Strategies in improving the initial coulombic efficiency of transition metal chalcogenides anode materials for sodium-ion batteries: A review

Abstract

Sodium-ion batteries (SIBs) are gaining attention as a cost-effective option for energy storage systems, largely due to the widespread availability of sodium resources. Improvements in electrode materials and a better understanding of their working mechanisms have greatly enhanced the electrochemical performance of these batteries. Among the various options, transition metal chalcogenides (TMCs) have emerged as a focus of research because of their high capacity enabled by conversion or alloying reactions. However, these materials face challenges such as substantial volume changes and low electrical conductivity, which negatively affect their cycling stability and rate performance. The initial Coulombic efficiency (ICE) of anode materials plays a critical role in determining the energy density of both lithium-ion and sodium-ion batteries.

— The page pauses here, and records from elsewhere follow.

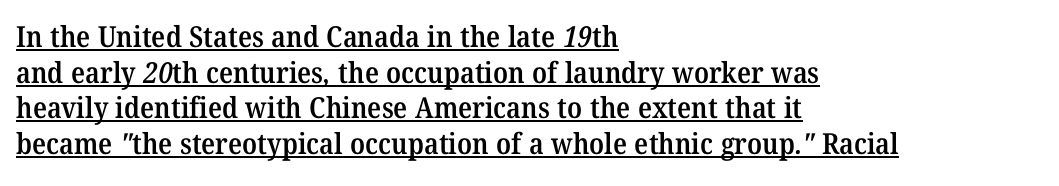
The image shows 29 px semibold serif type; set left-aligned, line spacing 1.23x, normal letter spacing, underlined; medium stroke contrast and a medium x-height.
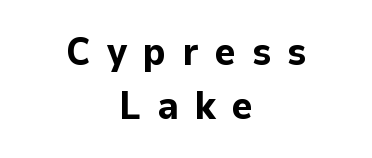
{"serif": "no", "italic": "no", "bold": "yes", "weight": "bold", "width": "normal", "stroke_contrast": "low", "x_height": "medium", "monospaced": "no", "underline": "no", "align": "center", "line_spacing": "normal", "line_spacing_ratio": 1.38, "letter_spacing": "wide", "letter_spacing_em": 0.42, "glyph_px": 39}
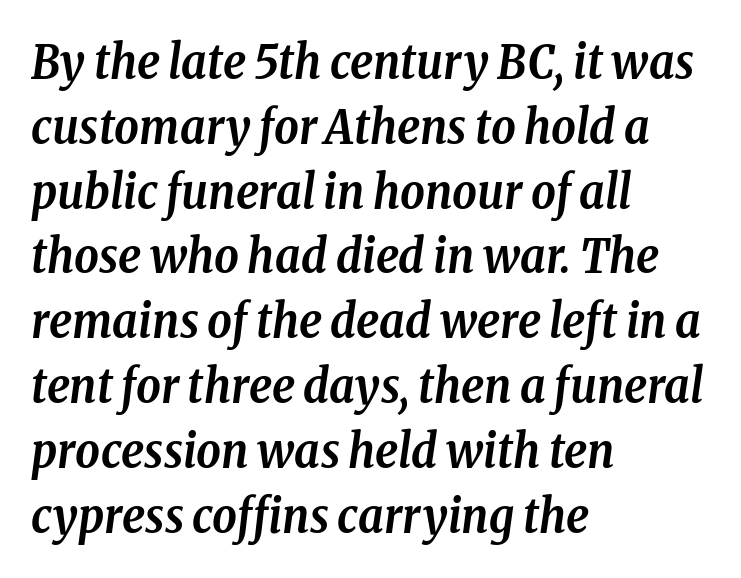
{"serif": "yes", "italic": "yes", "lean": "right", "slant_degrees": 8, "bold": "yes", "weight": "semibold", "width": "condensed", "stroke_contrast": "low", "x_height": "medium", "monospaced": "no", "underline": "no", "align": "left", "line_spacing": "normal", "line_spacing_ratio": 1.35, "letter_spacing": "normal", "letter_spacing_em": 0.0, "glyph_px": 48}
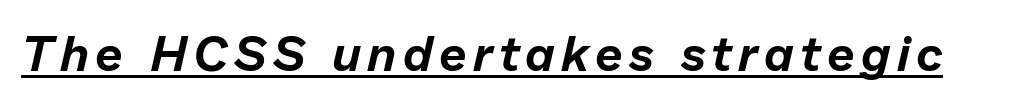
{"italic": "yes", "lean": "right", "slant_degrees": 13, "width": "normal", "stroke_contrast": "low", "x_height": "medium", "monospaced": "no", "underline": "yes", "glyph_px": 49}
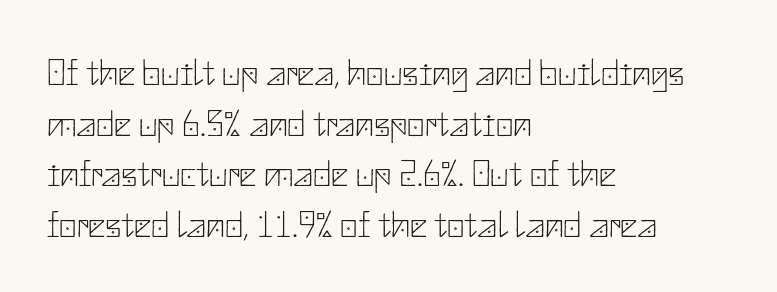
The image shows 38 px thin sans-serif type, upright; set left-aligned, normal line spacing (1.33x), normal letter spacing, not underlined; low stroke contrast and a small x-height.

In commercial lithium-ion batteries (LIBs), the low ICE of anodes is typically compensated by adding extra cathode material. However, because lithium-metal oxide cathodes have a lower specific capacity compared to anodes, a significant surplus of cathode material—about 10–15 % for graphite anodes—is required, which reduces the overall energy density. In sodium-ion batteries, the irreversible consumption of Na⁺ ions during the initial charge/discharge cycle, caused mainly by the formation of the solid electrolyte interphase (SEI) and other irreversible reactions, leads to a noticeable reduction in the capacity of the full cell. Improving the ICE of both anodes and cathodes is, therefore, essential for achieving high-performance sodium-ion batteries, particularly by enhancing the transport efficiency of Na⁺ ions. Low ICE remains a significant challenge in developing high-capacity anodes for practical sodium-ion batteries. This review examines the key factors behind low ICE in transition metal chalcogenides, including SEI formation due to electrolyte decomposition and the limited reversibility of the sodiation and desodiation processes. Then it will highlight innovative strategies to overcome these challenges, such as optimizing electrolytes and material structures, applying surface modifications and coatings, designing improved structures and morphologies, advancing surface engineering techniques, and developing polymetallic TMCs.